__What the task requires__: Search the listing below for "Waßerzölle". Copy each matching line.
** Data provided follows **
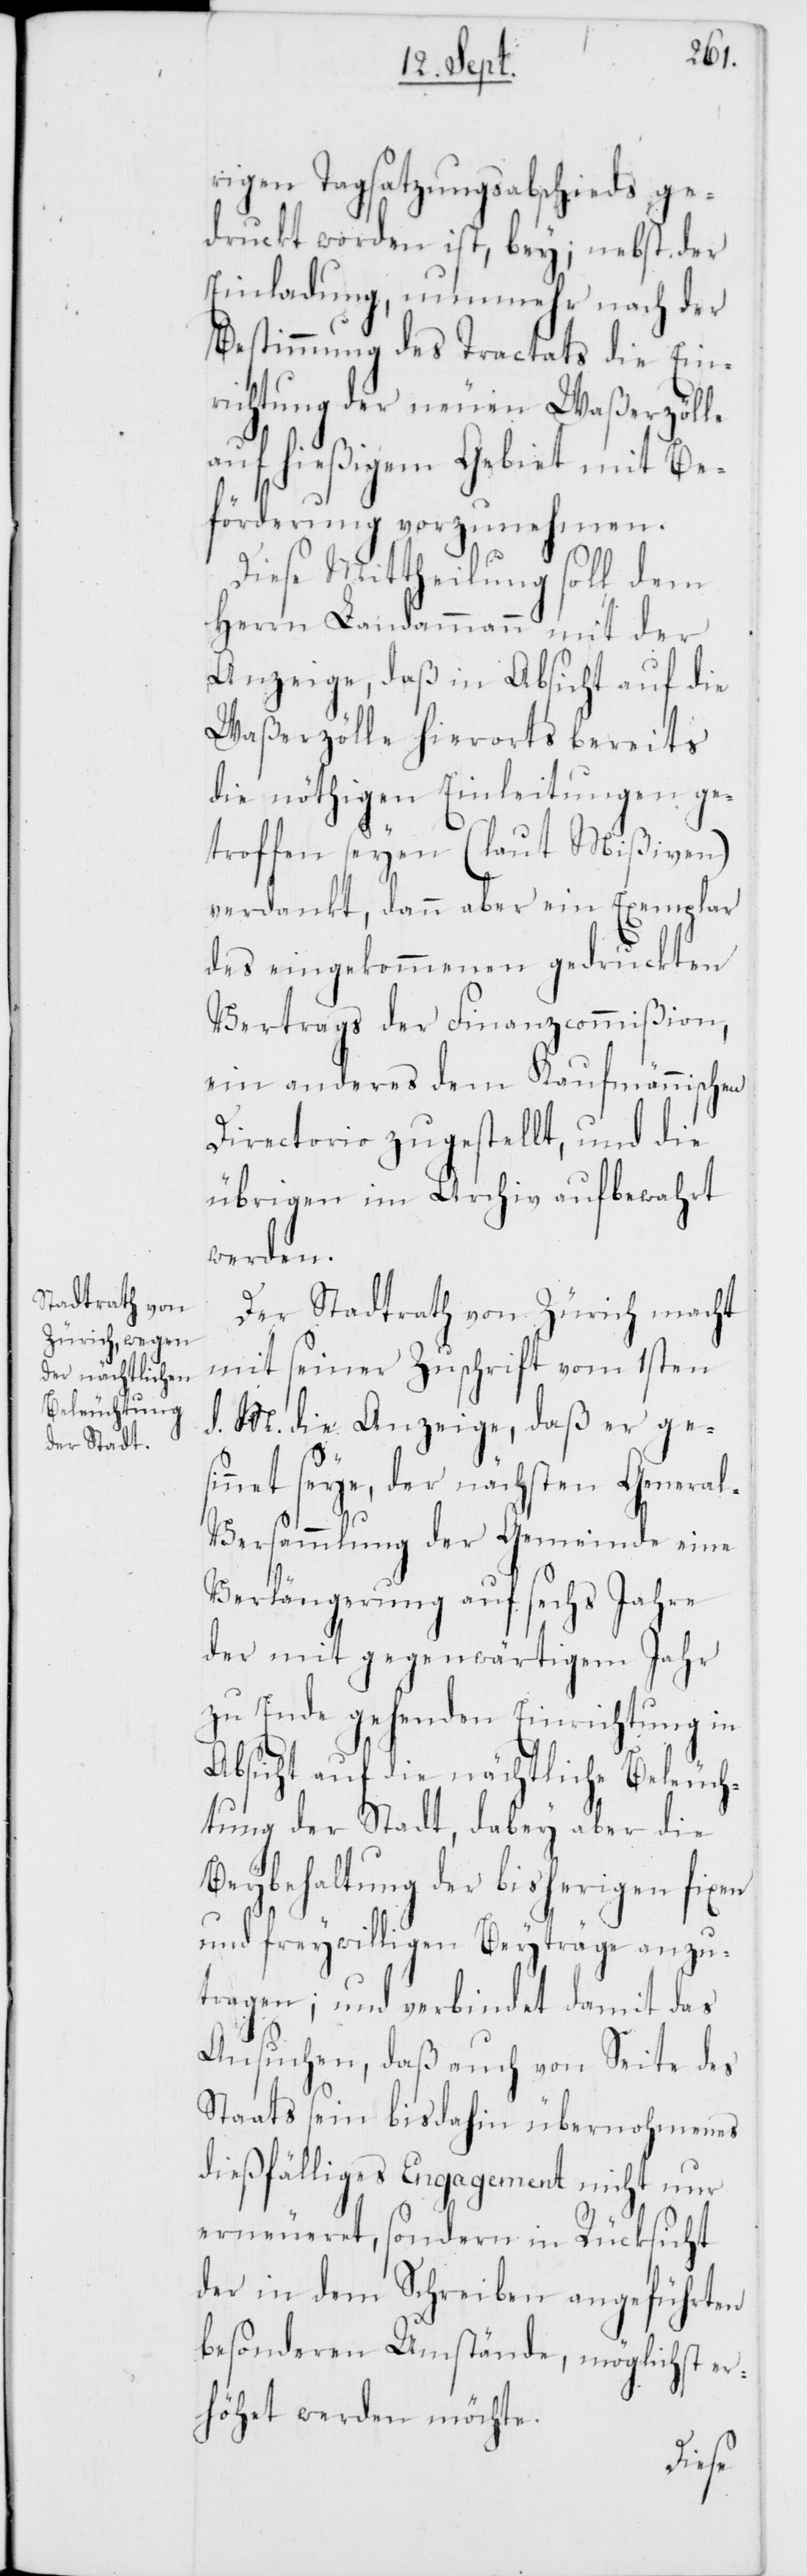
rigen Tagsatzungsabschieds ge¬
druckt worden ist, bey; nebst der
Einladung, nunmehr nach der
Bestimmung des Tractats die Ein¬
richtung der neuen Waßerzölle
auf hießigem Gebiet mit Be¬
förderung vorzunehmen.
Diese Mittheilung soll dem
Herrn Landammann mit der
Anzeige, daß in Absicht auf die
Waßerzölle hierorts bereits
die nöthigen Einleitungen ge¬
troffen seyen (laut Mißiven)
verdankt, dann aber ein Exemplar
des eingekommenen gedruckten
Vertrags der Finanzcommißion,
ein anderes dem Kaufmännischen
Directorio zugestellt, und die
übrigen im Archiv aufbewahrt
werden.
Der Stadtrath von Zürich macht
mit seiner Zuschrift vom 1sten
d. M. die Anzeige, daß er gesi¬
nnet seye, der nächsten Genera¬
l-Versammlung der Gemeinde eine
Verlängerung auf sechs Jahre
der mit gegenwärtigem Jahr
zu Ende gehenden Einrichtung in
Absicht auf die nächtliche Beleuch¬
tung der Stadt, dabey aber die
Beybehaltung der bisherigen fixen
und freywilligen Beyträge anzu¬
tragen; und verbindet damit das
Ansuchen, daß auch von Seite des
Staats sein bis dahin übernohmenes
dießfälliges Engagement nicht nur
erneueret, sondern in Rücksicht
der in dem Schreiben angeführten
besonderen Umstände, möglichst er¬
höhet werden möchte.
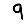
Digit: 9
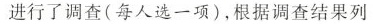
进行了调查(每人选一项)，根据调查结果列
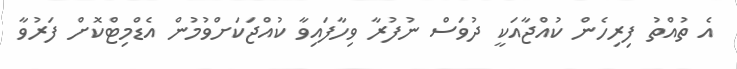
އެ ތުއްތު ފިރިހެން ކުއްޖާއަކީ ދުވަސް ނުފުރާ ވިހާފައިވާ ކުއްޖަކަށްވުމުން އެޑްމިޓްކޮށް ފަރުވާ
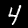
Label: 4
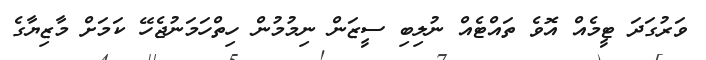
ވަރުގަދަ ޓީމެއް އޮވެ ތައްޓެއް ނުލިބި ސީޒަން ނިމުމުން ހިތްހަމަނުޖެހޭ ކަމަށް މާޒިޔާގެ
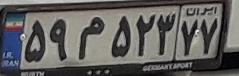
۵۹م۵۲۳۷۷
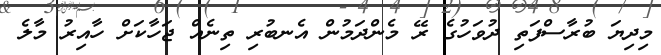
މިދިޔަ ބުރާސްފަތި ދުވަހުގެ ރޭ މެންދަމުން އެނބުރި ތިނެއް ޖަހާކަށް ހާއިރު މާލެ
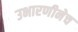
** End of Data provided **
__Exercise result__:
richtung der neuen Waßerzölle
Waßerzölle hierorts bereits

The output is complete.